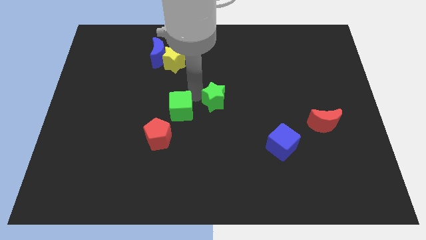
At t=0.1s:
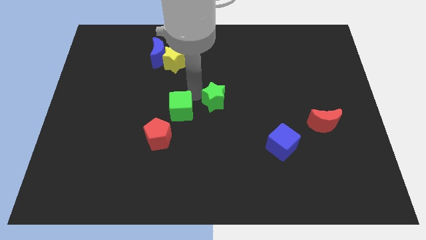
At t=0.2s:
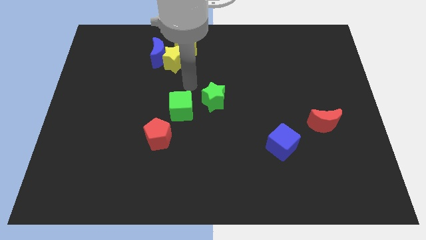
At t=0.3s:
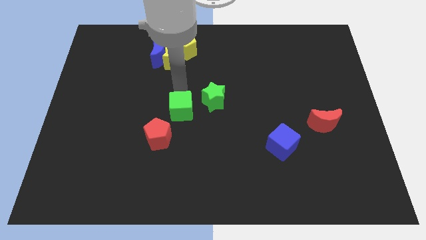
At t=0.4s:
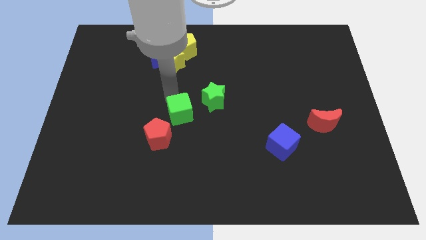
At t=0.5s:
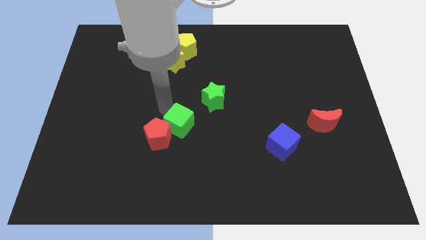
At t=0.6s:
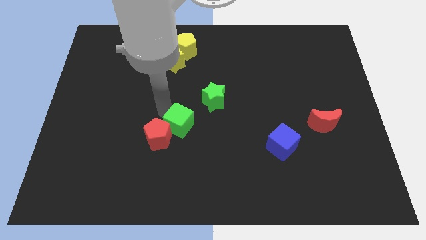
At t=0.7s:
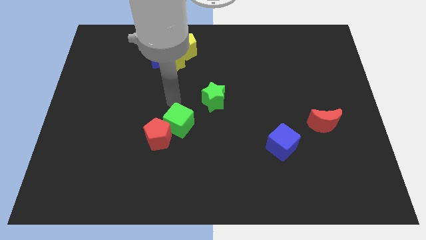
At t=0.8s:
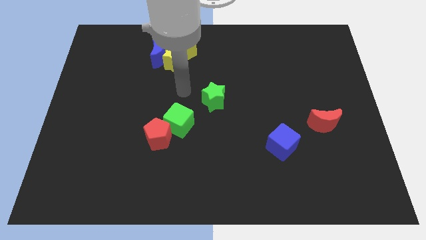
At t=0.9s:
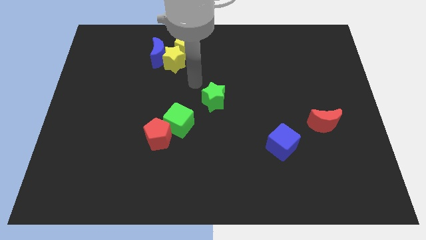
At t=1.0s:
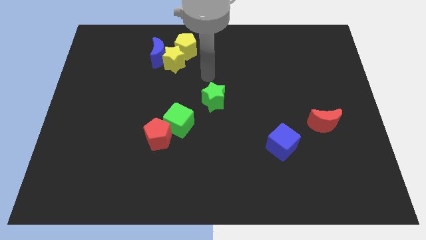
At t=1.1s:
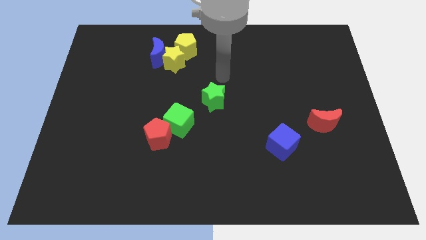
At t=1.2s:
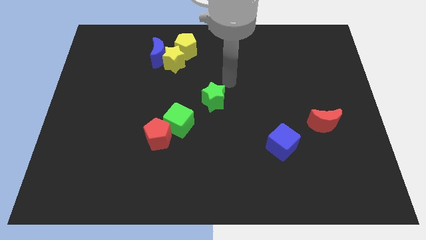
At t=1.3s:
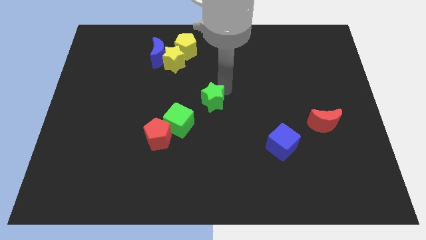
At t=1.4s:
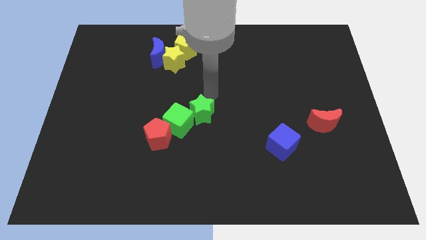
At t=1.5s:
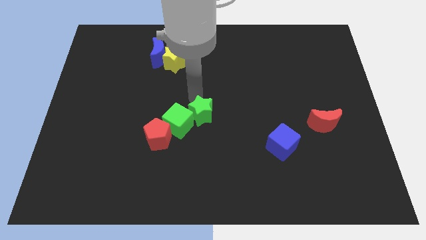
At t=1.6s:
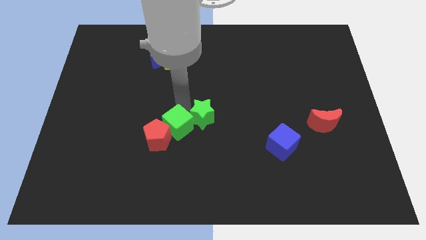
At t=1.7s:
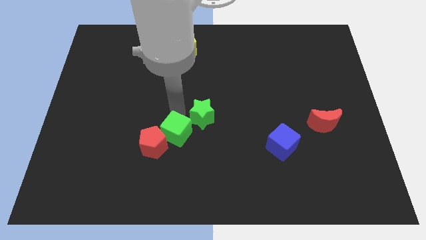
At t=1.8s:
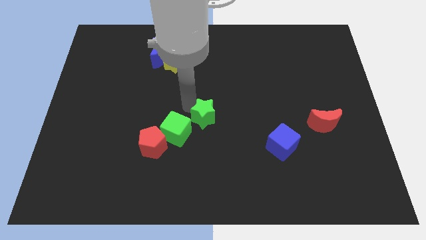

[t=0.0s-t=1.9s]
put the green star close to the green block

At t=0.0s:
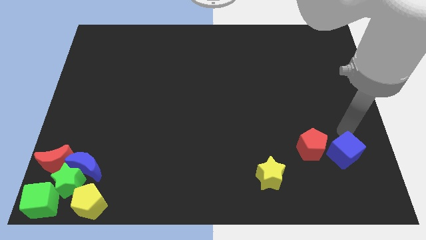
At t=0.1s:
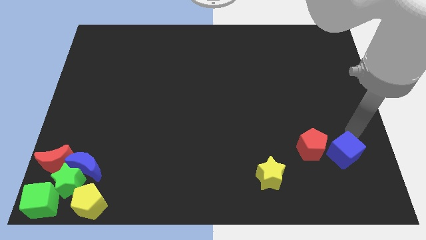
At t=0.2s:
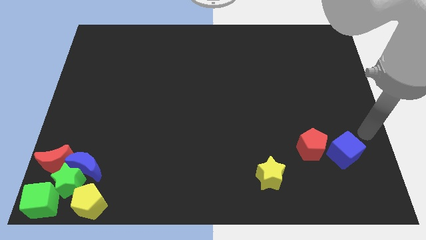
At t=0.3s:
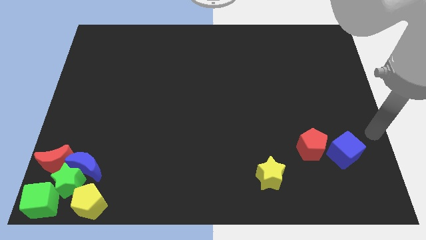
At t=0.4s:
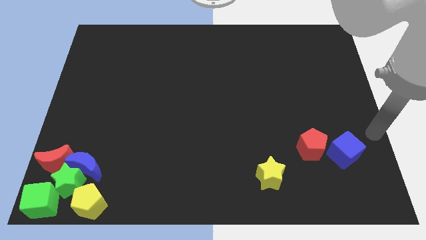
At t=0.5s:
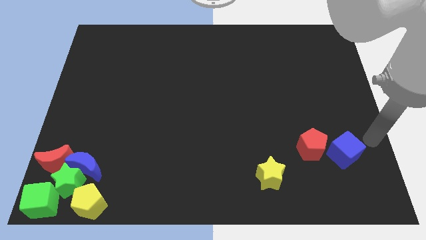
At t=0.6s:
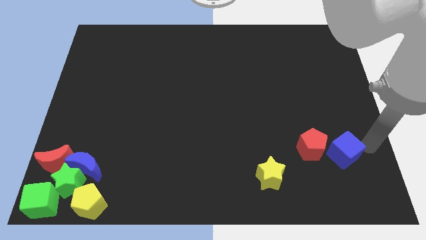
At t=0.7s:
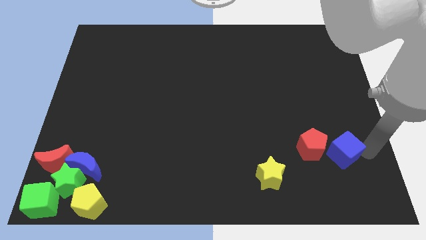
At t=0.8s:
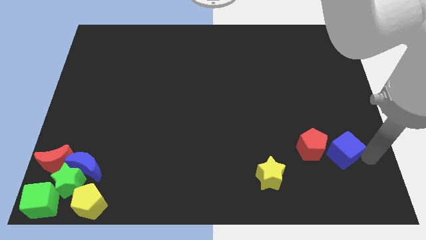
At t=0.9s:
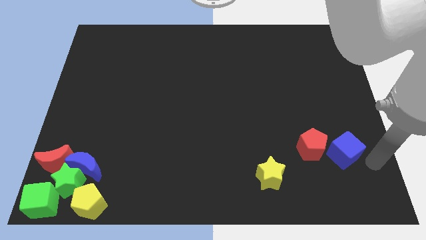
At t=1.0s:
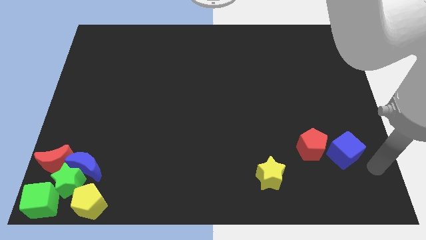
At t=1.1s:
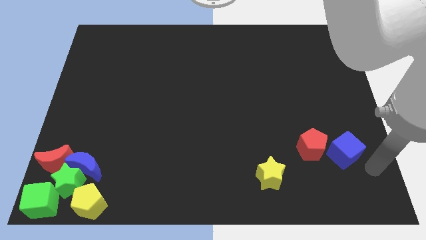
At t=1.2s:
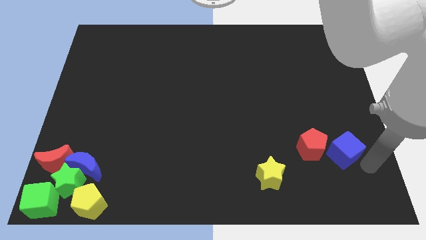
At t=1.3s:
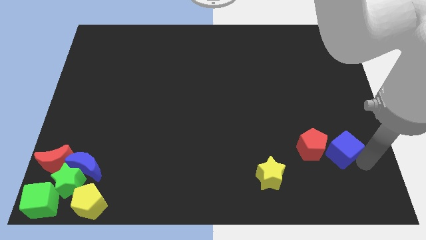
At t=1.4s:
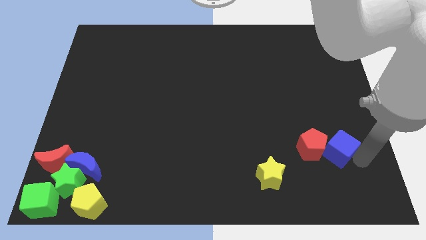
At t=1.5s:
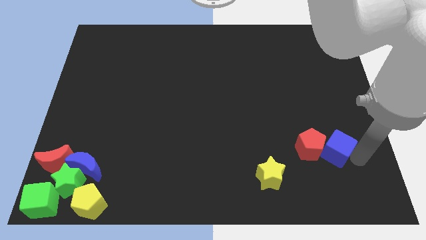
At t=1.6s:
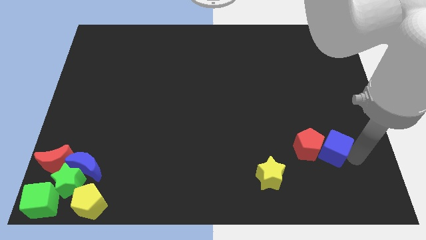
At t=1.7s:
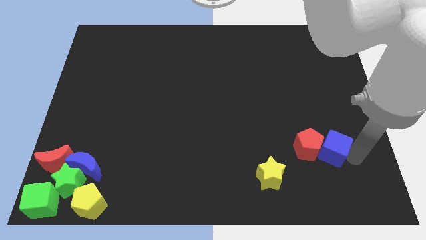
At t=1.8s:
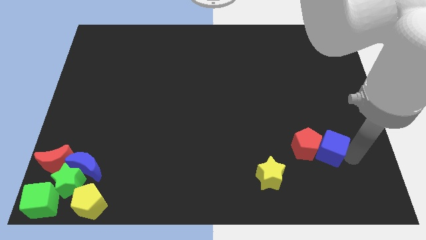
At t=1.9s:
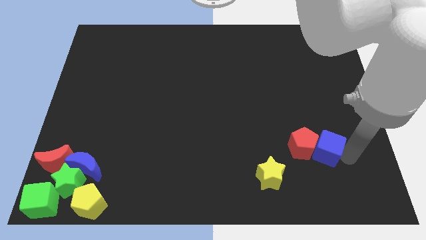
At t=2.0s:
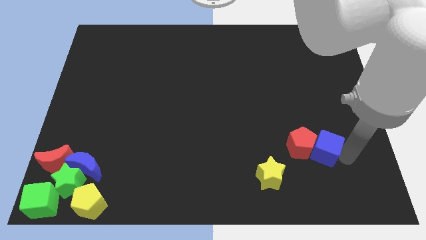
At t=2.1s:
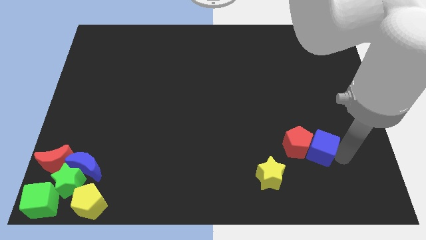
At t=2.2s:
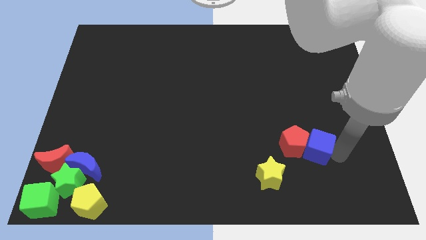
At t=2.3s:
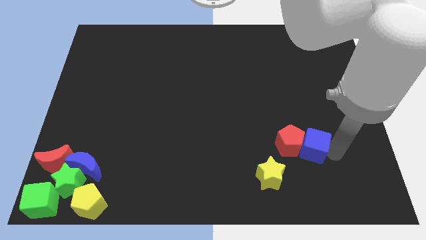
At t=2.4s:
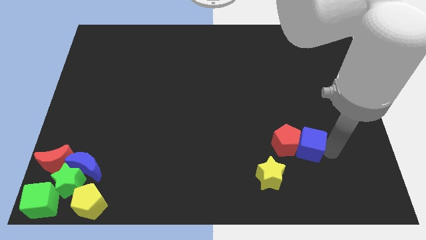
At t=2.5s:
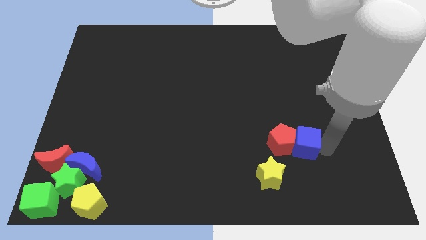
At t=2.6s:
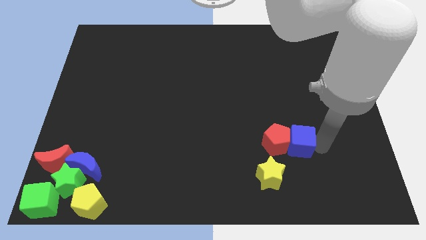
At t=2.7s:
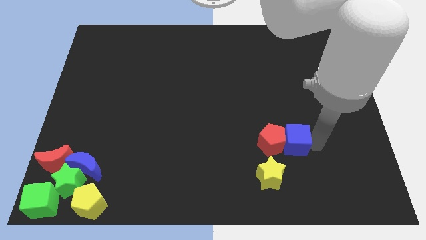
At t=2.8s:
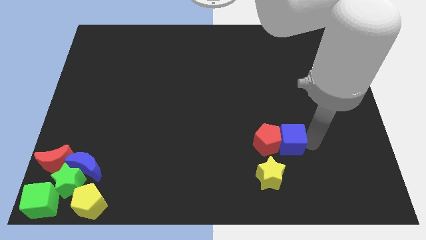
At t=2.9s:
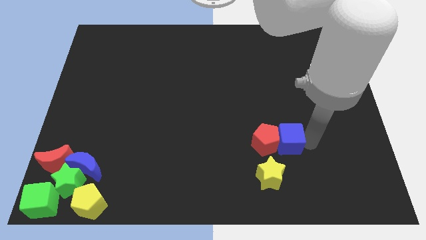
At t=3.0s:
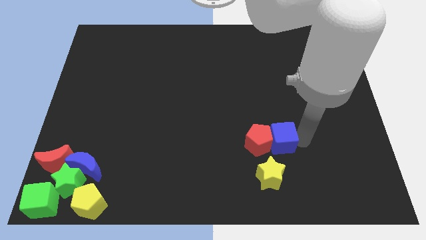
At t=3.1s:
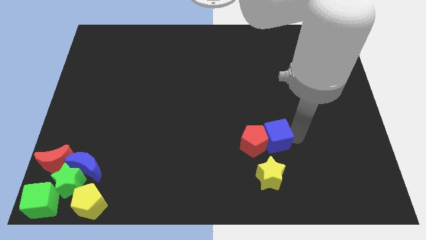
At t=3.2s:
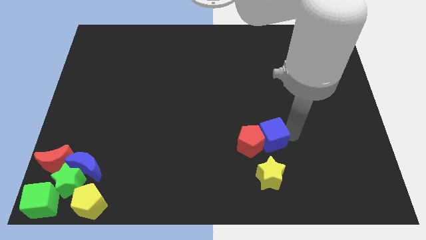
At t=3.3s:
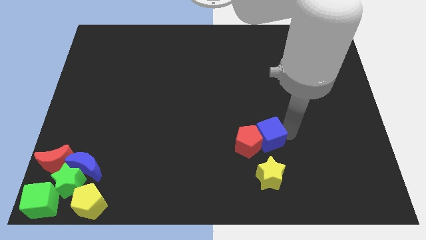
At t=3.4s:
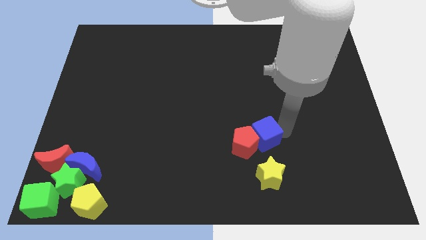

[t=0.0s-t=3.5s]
move the blue cube to the vertical top side of the yellow star

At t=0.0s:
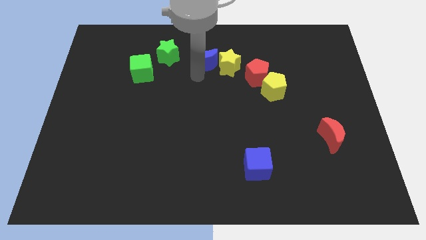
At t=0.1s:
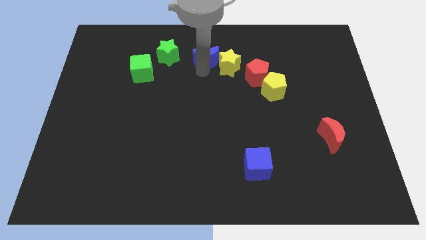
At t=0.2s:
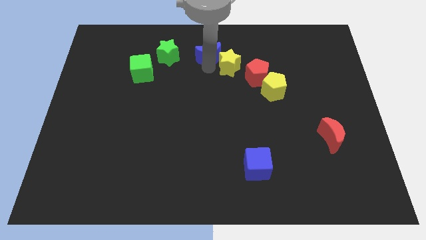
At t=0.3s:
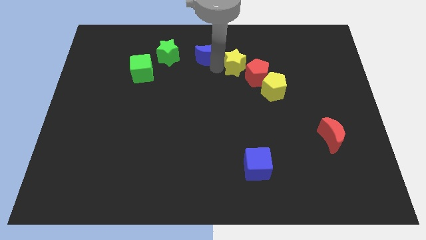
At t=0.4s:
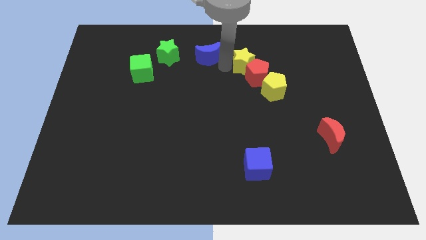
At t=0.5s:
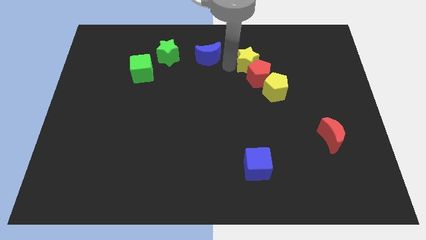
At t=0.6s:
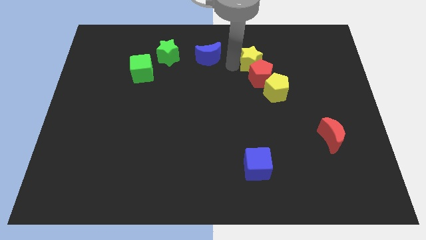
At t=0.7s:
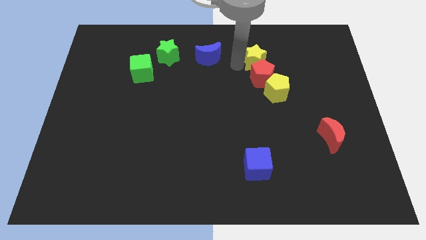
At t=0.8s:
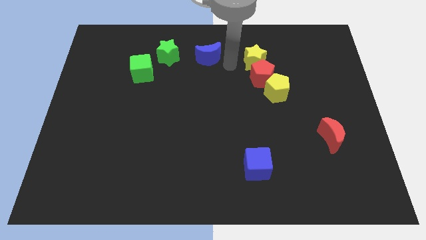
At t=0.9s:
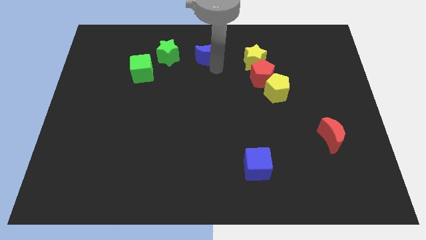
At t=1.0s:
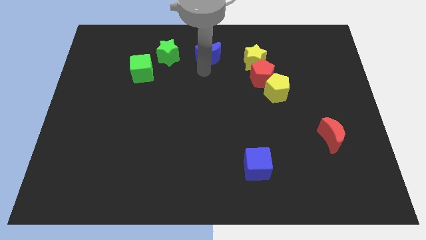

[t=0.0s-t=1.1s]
move the yellow star to the top of the red pentagon
▬▬▬▬▬▬
Brief:
Copy each entry exactly as written. Pictures do not belong in the copy.

Task response:
At t=0.1s:
At t=0.2s:
At t=0.3s:
At t=0.4s:
At t=0.5s:
At t=0.6s:
At t=0.7s:
At t=0.8s:
At t=0.9s:
At t=1.0s:
At t=1.1s:
At t=1.2s:
At t=1.3s:
At t=1.4s:
At t=1.5s:
At t=1.6s:
At t=1.7s:
At t=1.8s:

[t=0.0s-t=1.9s]
put the green star close to the green block

At t=0.0s:
At t=0.1s:
At t=0.2s:
At t=0.3s:
At t=0.4s:
At t=0.5s:
At t=0.6s:
At t=0.7s:
At t=0.8s:
At t=0.9s:
At t=1.0s:
At t=1.1s:
At t=1.2s:
At t=1.3s:
At t=1.4s:
At t=1.5s:
At t=1.6s:
At t=1.7s:
At t=1.8s:
At t=1.9s:
At t=2.0s:
At t=2.1s:
At t=2.2s:
At t=2.3s:
At t=2.4s:
At t=2.5s:
At t=2.6s:
At t=2.7s:
At t=2.8s:
At t=2.9s:
At t=3.0s:
At t=3.1s:
At t=3.2s:
At t=3.3s:
At t=3.4s:

[t=0.0s-t=3.5s]
move the blue cube to the vertical top side of the yellow star

At t=0.0s:
At t=0.1s:
At t=0.2s:
At t=0.3s:
At t=0.4s:
At t=0.5s:
At t=0.6s:
At t=0.7s:
At t=0.8s:
At t=0.9s:
At t=1.0s:

[t=0.0s-t=1.1s]
move the yellow star to the top of the red pentagon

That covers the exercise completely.